> **Dataset content**
——

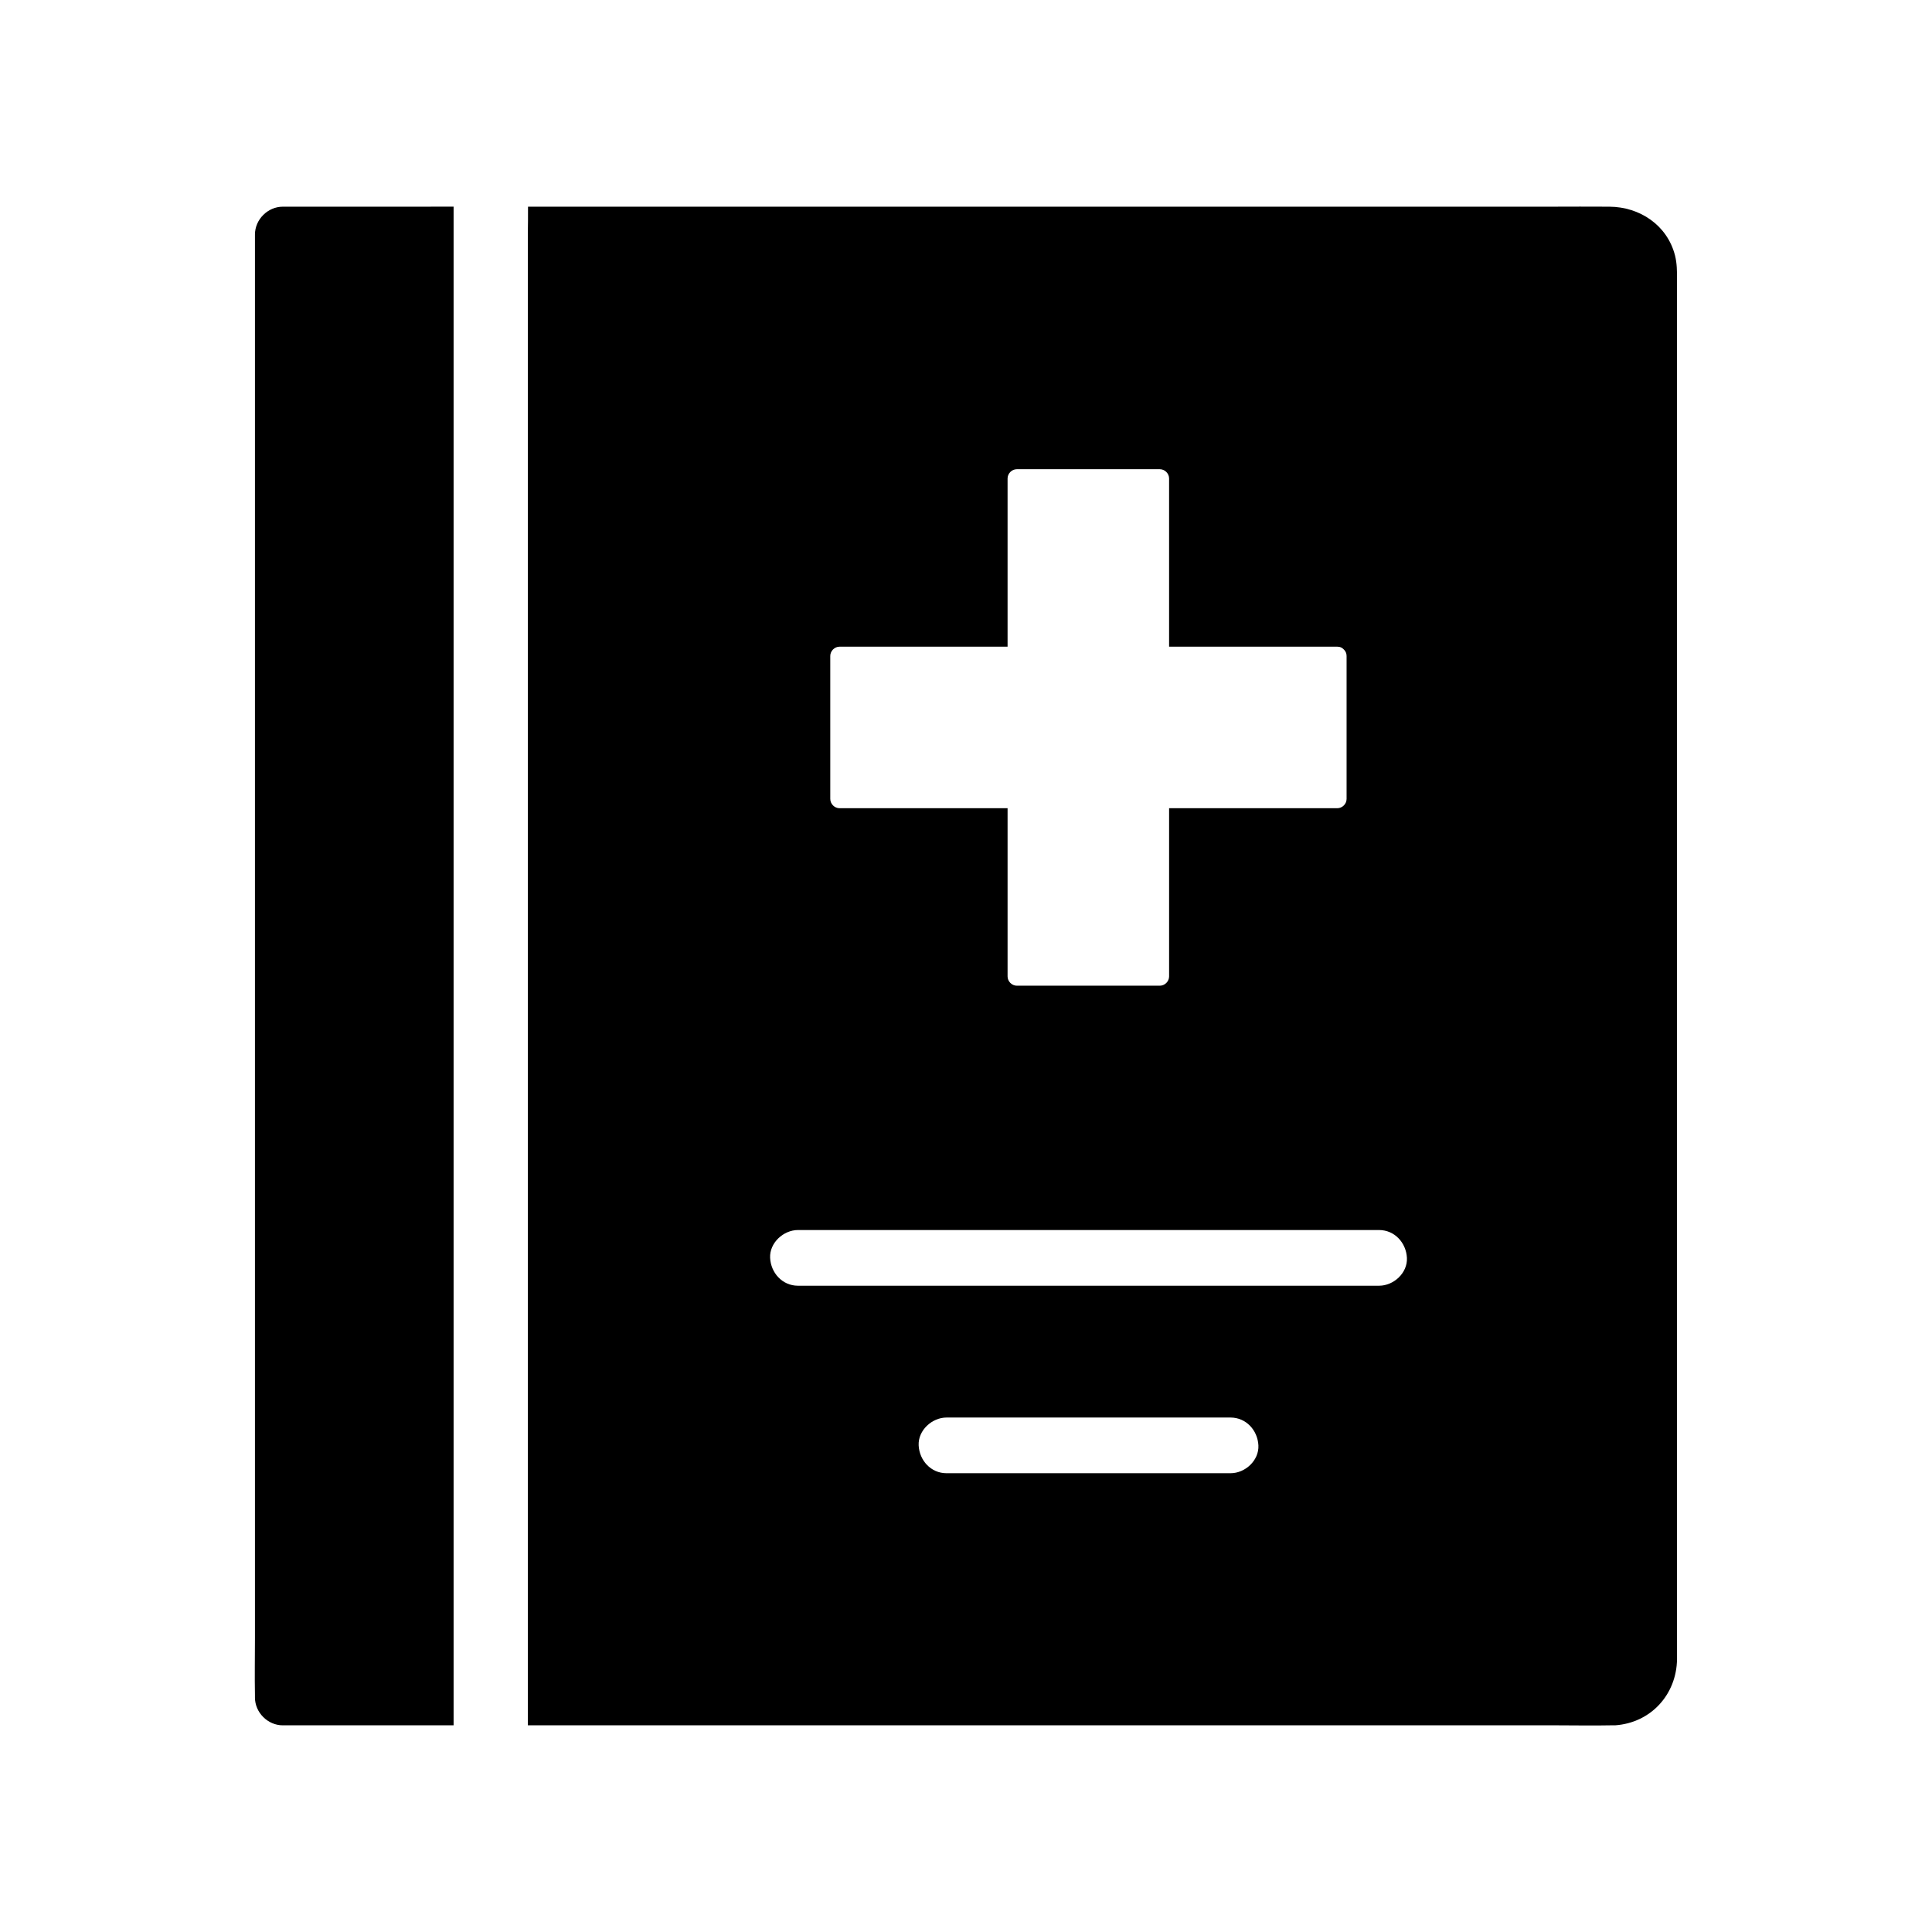 <?xml version="1.0" encoding="UTF-8"?>
<!-- Uploaded to: SVG Repo, www.svgrepo.com, Generator: SVG Repo Mixer Tools -->
<svg fill="#000000" width="800px" height="800px" version="1.1" viewBox="144 144 512 512" xmlns="http://www.w3.org/2000/svg">
 <g>
  <path d="m264.21 198.77v402.46h-45.266c-3.984 0-7.379-3.394-7.379-7.379v-0.641c-0.098-5.019 0-10.086 0-15.105v-371.95c0-3.984 3.394-7.379 7.379-7.379z"/>
  <path d="m588.43 578.7v-360.64c0-2.164 0-4.281-0.543-6.394-2.066-8.02-9.348-12.84-17.367-12.891-5.215-0.051-10.383 0-15.598 0h-270.99c0 2.461 0 4.922-0.051 7.379v2.164l0.004 392.91h273.11c4.574 0 9.152 0.098 13.727 0h0.195 0.395 0.441 0.148 0.098c9.445-0.641 16.336-8.117 16.434-17.613v-4.918zm-224.4-260.86c0-1.328 1.133-2.461 2.461-2.461h44.527v-44.574c0-1.328 1.133-2.461 2.461-2.461h37.883c1.328 0 2.461 1.133 2.461 2.461v44.574h44.574c0.738 0 1.277 0.246 1.672 0.688l0.051 0.051s0.051 0 0.051 0.051c0.395 0.395 0.688 0.934 0.688 1.672v37.883c0 1.328-1.133 2.461-2.461 2.461h-44.574v44.574c0 1.328-1.133 2.461-2.461 2.461h-37.883c-1.328 0-2.461-1.133-2.461-2.461v-44.574h-44.527c-1.328 0-2.461-1.133-2.461-2.461zm106.08 216.58h-75.277c-4.133 0-7.184-3.394-7.379-7.379s3.543-7.379 7.379-7.379h75.277c4.133 0 7.184 3.394 7.379 7.379 0.199 3.984-3.492 7.379-7.379 7.379zm39.359-49.691h-154c-4.133 0-7.184-3.394-7.379-7.379s3.543-7.379 7.379-7.379h154c4.133 0 7.184 3.394 7.379 7.379 0.199 3.984-3.492 7.379-7.379 7.379z"/>
 </g>
</svg>

——

> **Exercise brief**
Return the material exactly as given, apart from the pictures.

> **The answer**
 <?xml version="1.0" encoding="UTF-8"?>
<!-- Uploaded to: SVG Repo, www.svgrepo.com, Generator: SVG Repo Mixer Tools -->
<svg fill="#000000" width="800px" height="800px" version="1.1" viewBox="144 144 512 512" xmlns="http://www.w3.org/2000/svg">
 <g>
  <path d="m264.21 198.77v402.46h-45.266c-3.984 0-7.379-3.394-7.379-7.379v-0.641c-0.098-5.019 0-10.086 0-15.105v-371.95c0-3.984 3.394-7.379 7.379-7.379z"/>
  <path d="m588.43 578.7v-360.64c0-2.164 0-4.281-0.543-6.394-2.066-8.02-9.348-12.84-17.367-12.891-5.215-0.051-10.383 0-15.598 0h-270.99c0 2.461 0 4.922-0.051 7.379v2.164l0.004 392.91h273.11c4.574 0 9.152 0.098 13.727 0h0.195 0.395 0.441 0.148 0.098c9.445-0.641 16.336-8.117 16.434-17.613v-4.918zm-224.4-260.86c0-1.328 1.133-2.461 2.461-2.461h44.527v-44.574c0-1.328 1.133-2.461 2.461-2.461h37.883c1.328 0 2.461 1.133 2.461 2.461v44.574h44.574c0.738 0 1.277 0.246 1.672 0.688l0.051 0.051s0.051 0 0.051 0.051c0.395 0.395 0.688 0.934 0.688 1.672v37.883c0 1.328-1.133 2.461-2.461 2.461h-44.574v44.574c0 1.328-1.133 2.461-2.461 2.461h-37.883c-1.328 0-2.461-1.133-2.461-2.461v-44.574h-44.527c-1.328 0-2.461-1.133-2.461-2.461zm106.08 216.58h-75.277c-4.133 0-7.184-3.394-7.379-7.379s3.543-7.379 7.379-7.379h75.277c4.133 0 7.184 3.394 7.379 7.379 0.199 3.984-3.492 7.379-7.379 7.379zm39.359-49.691h-154c-4.133 0-7.184-3.394-7.379-7.379s3.543-7.379 7.379-7.379h154c4.133 0 7.184 3.394 7.379 7.379 0.199 3.984-3.492 7.379-7.379 7.379z"/>
 </g>
</svg>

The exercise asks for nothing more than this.